Weigering WIA-uitkering na beoordeling arbeidsongeschiktheid en medische beperkingen

In deze zaak heeft de Rechtbank Den Haag op 23 januari 2017 uitspraak gedaan in een geschil tussen een eiser en de Raad van bestuur van het Uitvoeringsinstituut werknemersverzekeringen (Uwv) over de weigering van een WIA-uitkering. Eiser had zich op 22 april 2013 ziekgemeld als orderpikker vanwege nekpijn na een auto-ongeval. Na een periode van ziekte werd eiser op 2 september 2013 arbeidsgeschikt geacht, maar meldde hij zich opnieuw ziek op 7 oktober 2013 met aanhoudende klachten. Eiser heeft in 2015 een WIA-uitkering aangevraagd, maar het Uwv weigerde deze aanvraag op 14 oktober 2015, met als argument dat eiser niet voldeed aan de criteria voor een uitkering. Eiser heeft bezwaar gemaakt, maar dit werd ongegrond verklaard in een besluit van 3 juni 2016. Tijdens de zitting op 11 januari 2017 heeft eiser zijn standpunt toegelicht, bijgestaan door zijn gemachtigde en een tolk.
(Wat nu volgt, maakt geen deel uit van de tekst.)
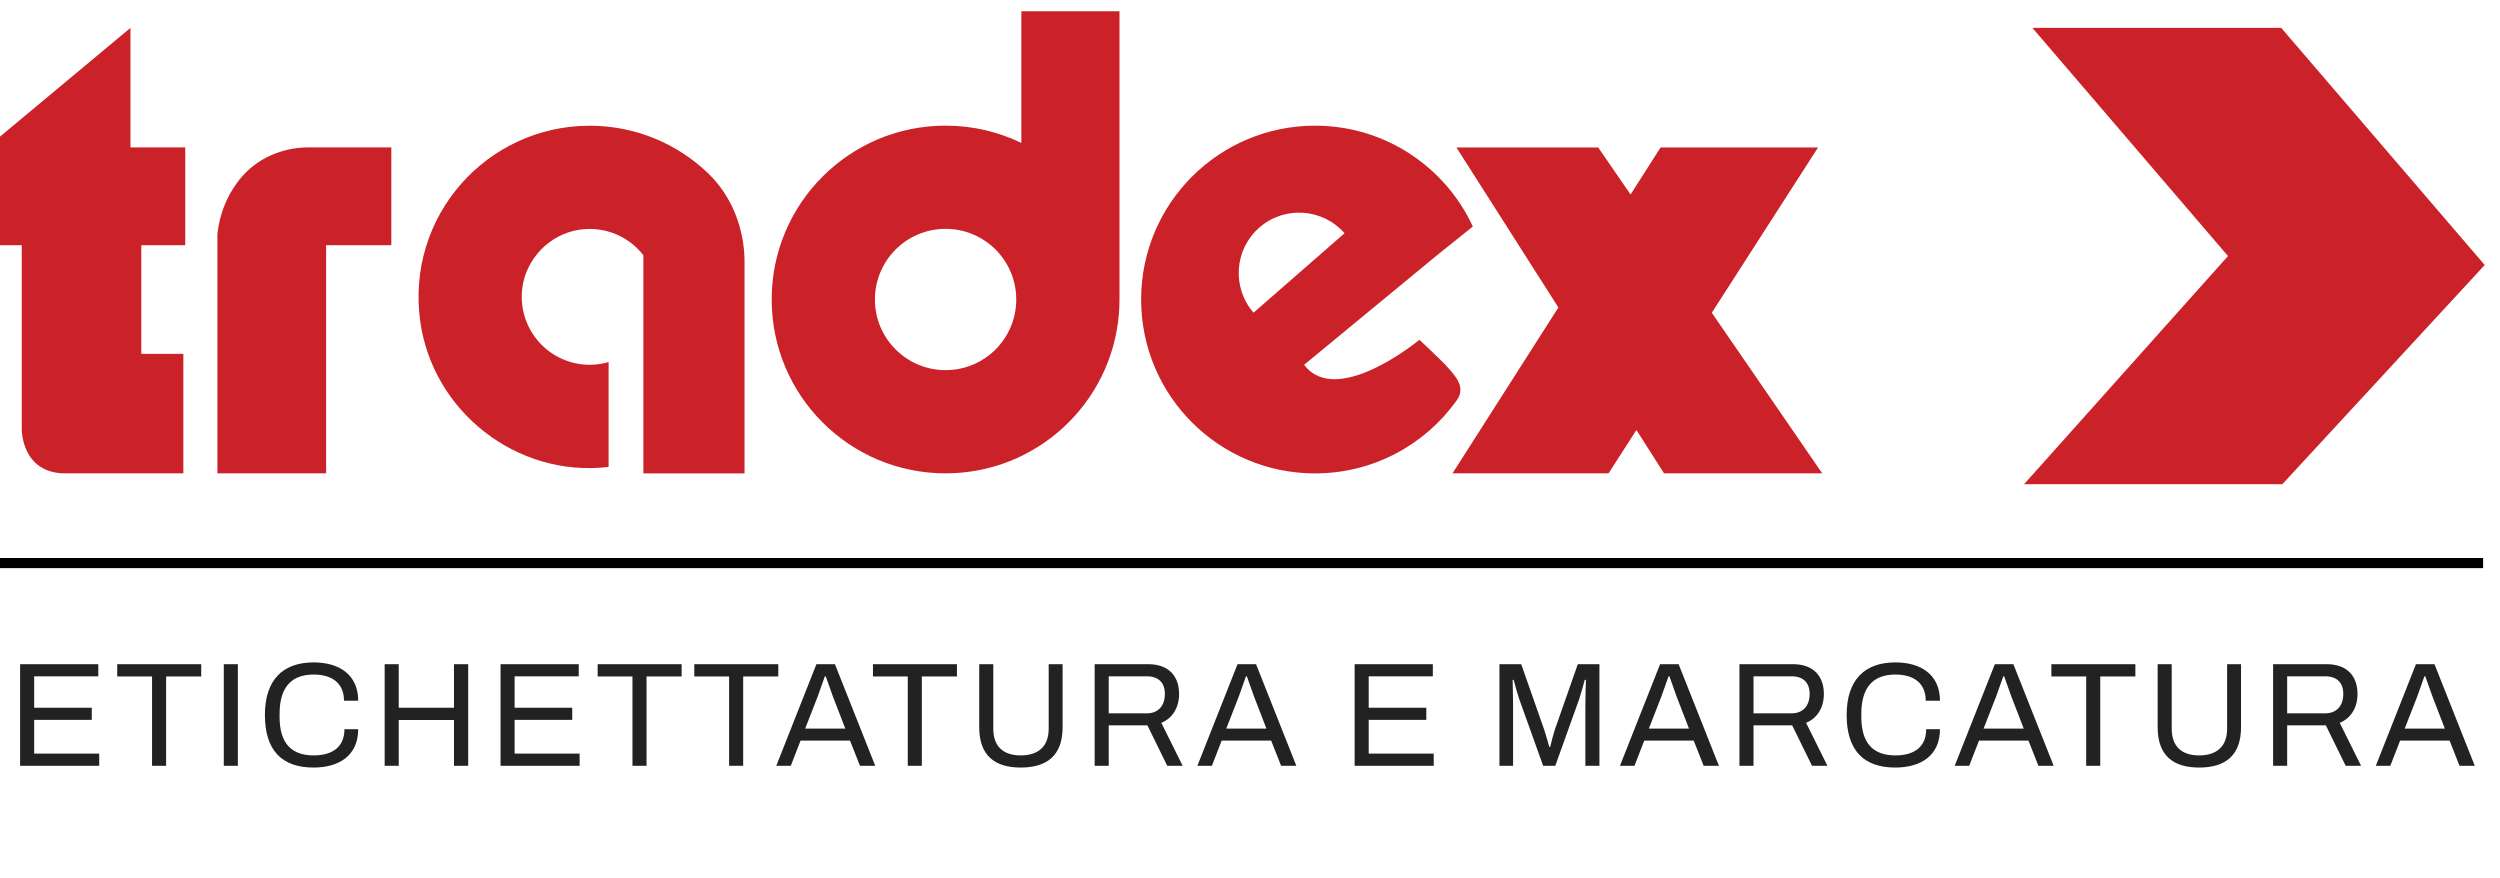 <svg xmlns="http://www.w3.org/2000/svg" width="148" height="52" viewBox="0 0 148 52" fill="none"><path d="M0 33.634H147V33.034H0V33.634Z" fill="black" mask="url(#path-1-inside-1_692_1110)"></path><path d="M1.19 45.334V39.319H5.82V40.038H2.023V41.897H5.434V42.616H2.023V44.615H5.873V45.334H1.19ZM9.001 45.334V40.047H6.94V39.319H11.912V40.047H9.834V45.334H9.001ZM13.248 45.334V39.319H14.081V45.334H13.248ZM18.558 45.439C16.708 45.439 15.682 44.44 15.682 42.327C15.682 40.24 16.752 39.214 18.567 39.214C20.102 39.214 21.206 39.959 21.206 41.485H20.365C20.365 40.441 19.654 39.933 18.567 39.933C17.296 39.933 16.551 40.643 16.551 42.256V42.441C16.551 44.036 17.287 44.72 18.567 44.72C19.681 44.72 20.391 44.22 20.391 43.168H21.206C21.206 44.72 20.084 45.439 18.558 45.439ZM22.772 45.334V39.319H23.605V41.897H26.875V39.319H27.717V45.334H26.875V42.625H23.605V45.334H22.772ZM29.632 45.334V39.319H34.261V40.038H30.465V41.897H33.876V42.616H30.465V44.615H34.314V45.334H29.632ZM37.442 45.334V40.047H35.382V39.319H40.353V40.047H38.275V45.334H37.442ZM43.163 45.334V40.047H41.102V39.319H46.074V40.047H43.996V45.334H43.163ZM45.956 45.334L48.332 39.319H49.428L51.813 45.334H50.91L50.322 43.843H47.394L46.815 45.334H45.956ZM47.666 43.133H50.042L49.314 41.248C49.235 41.038 49.025 40.441 48.884 40.038H48.832C48.709 40.389 48.507 40.959 48.402 41.248L47.666 43.133ZM53.74 45.334V40.047H51.679V39.319H56.651V40.047H54.573V45.334H53.74ZM60.425 45.439C58.891 45.439 57.97 44.729 57.97 43.054V39.319H58.803V43.142C58.803 44.194 59.399 44.72 60.425 44.72C61.46 44.72 62.082 44.194 62.082 43.142V39.319H62.906V43.054C62.906 44.729 61.977 45.439 60.425 45.439ZM64.804 45.334V39.319H67.969C69.206 39.319 69.802 40.047 69.802 41.081C69.802 41.906 69.399 42.528 68.75 42.791L70.013 45.334H69.101L67.926 42.94H65.637V45.334H64.804ZM65.637 42.23H67.891C68.557 42.23 68.96 41.792 68.96 41.081C68.96 40.424 68.592 40.038 67.891 40.038H65.637V42.23ZM70.885 45.334L73.262 39.319H74.358L76.743 45.334H75.84L75.252 43.843H72.323L71.745 45.334H70.885ZM72.595 43.133H74.972L74.244 41.248C74.165 41.038 73.954 40.441 73.814 40.038H73.761C73.639 40.389 73.437 40.959 73.332 41.248L72.595 43.133ZM80.194 45.334V39.319H84.824V40.038H81.027V41.897H84.438V42.616H81.027V44.615H84.876V45.334H80.194ZM88.767 45.334V39.319H90.056L91.424 43.221C91.529 43.545 91.652 43.975 91.713 44.212H91.775C91.827 43.966 91.941 43.528 92.038 43.221L93.406 39.319H94.686V45.334H93.853V41.809C93.853 41.266 93.879 40.485 93.888 40.248H93.818C93.756 40.485 93.599 41.055 93.484 41.397L92.073 45.334H91.354L89.942 41.397C89.837 41.09 89.705 40.617 89.609 40.248H89.548C89.556 40.652 89.574 41.362 89.574 41.809V45.334H88.767ZM95.902 45.334L98.278 39.319H99.374L101.759 45.334H100.856L100.268 43.843H97.34L96.761 45.334H95.902ZM97.612 43.133H99.988L99.26 41.248C99.181 41.038 98.971 40.441 98.83 40.038H98.778C98.655 40.389 98.453 40.959 98.348 41.248L97.612 43.133ZM102.975 45.334V39.319H106.14C107.376 39.319 107.973 40.047 107.973 41.081C107.973 41.906 107.569 42.528 106.92 42.791L108.183 45.334H107.271L106.096 42.94H103.808V45.334H102.975ZM103.808 42.23H106.061C106.727 42.23 107.131 41.792 107.131 41.081C107.131 40.424 106.762 40.038 106.061 40.038H103.808V42.23ZM112.198 45.439C110.348 45.439 109.322 44.44 109.322 42.327C109.322 40.24 110.392 39.214 112.207 39.214C113.741 39.214 114.846 39.959 114.846 41.485H114.004C114.004 40.441 113.294 39.933 112.207 39.933C110.935 39.933 110.19 40.643 110.19 42.256V42.441C110.19 44.036 110.926 44.72 112.207 44.72C113.32 44.72 114.03 44.22 114.03 43.168H114.846C114.846 44.72 113.724 45.439 112.198 45.439ZM115.719 45.334L118.095 39.319H119.191L121.576 45.334H120.673L120.085 43.843H117.157L116.578 45.334H115.719ZM117.428 43.133H119.805L119.077 41.248C118.998 41.038 118.788 40.441 118.647 40.038H118.595C118.472 40.389 118.27 40.959 118.165 41.248L117.428 43.133ZM123.502 45.334V40.047H121.442V39.319H126.414V40.047H124.335V45.334H123.502ZM130.188 45.439C128.653 45.439 127.733 44.729 127.733 43.054V39.319H128.566V43.142C128.566 44.194 129.162 44.72 130.188 44.72C131.222 44.72 131.845 44.194 131.845 43.142V39.319H132.669V43.054C132.669 44.729 131.74 45.439 130.188 45.439ZM134.567 45.334V39.319H137.732C138.969 39.319 139.565 40.047 139.565 41.081C139.565 41.906 139.162 42.528 138.513 42.791L139.775 45.334H138.863L137.689 42.94H135.4V45.334H134.567ZM135.4 42.23H137.653C138.32 42.23 138.723 41.792 138.723 41.081C138.723 40.424 138.355 40.038 137.653 40.038H135.4V42.23ZM140.648 45.334L143.025 39.319H144.121L146.506 45.334H145.602L145.015 43.843H142.086L141.508 45.334H140.648ZM142.358 43.133H144.734L144.007 41.248C143.928 41.038 143.717 40.441 143.577 40.038H143.524C143.402 40.389 143.2 40.959 143.095 41.248L142.358 43.133Z" fill="#222222"></path><path d="M0.003 8.085L7.723 1.651V8.725H10.966V14.515H8.364V20.949H10.855V28.023H3.86C1.288 28.023 1.288 25.451 1.288 25.451V14.515H0V8.082" fill="#CB2128"></path><path d="M23.166 14.514H19.306V28.022H12.871V13.871C12.925 13.314 13.135 11.961 14.159 10.655C14.168 10.644 14.177 10.632 14.186 10.62C15.165 9.389 16.692 8.725 18.264 8.725H23.166V14.514Z" fill="#CB2128"></path><path d="M44.076 15.535V28.025H38.087V15.11C37.242 14.021 35.841 13.374 34.308 13.598C32.541 13.856 31.119 15.326 30.915 17.098C30.637 19.529 32.532 21.595 34.91 21.595C35.302 21.595 35.676 21.538 36.03 21.433V27.639C36.009 27.639 35.988 27.645 35.967 27.648C30.604 28.262 25.621 24.37 24.878 19.026C24.013 12.784 28.837 7.443 34.91 7.443C37.62 7.443 40.081 8.506 41.899 10.239C43.336 11.608 44.079 13.553 44.079 15.538L44.076 15.535Z" fill="#CB2128"></path><path d="M60.464 0.666V8.462C59.108 7.806 57.59 7.438 55.979 7.438C50.292 7.438 45.684 12.042 45.684 17.73C45.684 23.418 50.289 28.022 55.979 28.022C61.363 28.022 65.783 23.894 66.235 18.625C66.262 18.329 66.274 18.032 66.274 17.73V0.666H60.464ZM55.979 21.912C53.67 21.912 51.795 20.041 51.795 17.73C51.795 15.419 53.667 13.548 55.979 13.548C58.29 13.548 60.162 15.419 60.162 17.73C60.162 20.041 58.29 21.912 55.979 21.912Z" fill="#CB2128"></path><path d="M107.875 28.022L101.338 18.514L107.629 8.728H98.308L96.529 11.515L94.612 8.728H86.219L92.256 18.203L85.988 28.022H95.226L96.876 25.456L98.511 28.022H107.875Z" fill="#CB2128"></path><path d="M120.318 1.65H135.048L147.095 15.688L135.114 28.666H119.824L131.898 15.158L120.318 1.65Z" fill="#CB2128"></path><path d="M77.209 21.592L85.096 15.089L87.192 13.41C85.564 9.886 81.994 7.44 77.85 7.44C72.163 7.44 67.555 12.045 67.555 17.733C67.555 23.421 72.16 28.025 77.85 28.025C81.299 28.025 84.354 26.328 86.219 23.729C86.857 22.879 86.064 22.166 85.57 21.595C85.57 21.595 84.926 20.951 84.03 20.116C84.03 20.116 79.134 24.169 77.203 21.595L77.209 21.592ZM74.211 18.511C72.918 17.023 73.067 14.766 74.556 13.47C76.038 12.171 78.302 12.326 79.596 13.808L74.211 18.511Z" fill="#CB2128"></path></svg>

De rechtbank heeft de medische beoordelingen van de verzekeringsartsen beoordeeld en vastgesteld dat er voldoende gegevens zijn om de arbeidsbeperkingen van eiser te onderbouwen. De rechtbank oordeelde dat de verzekeringsartsen zorgvuldig te werk zijn gegaan en dat er geen aanleiding was om te twijfelen aan de vastgestelde belastbaarheid van eiser. Eiser voerde aan dat zijn psychische klachten onvoldoende waren meegenomen in de beoordeling, maar de rechtbank vond dat de verzekeringsarts b&b voldoende had gemotiveerd waarom de FML niet onjuist was. De rechtbank concludeerde dat eiser per 5 oktober 2015 in staat was om de geduide functies te vervullen en dat de weigering van de WIA-uitkering terecht was.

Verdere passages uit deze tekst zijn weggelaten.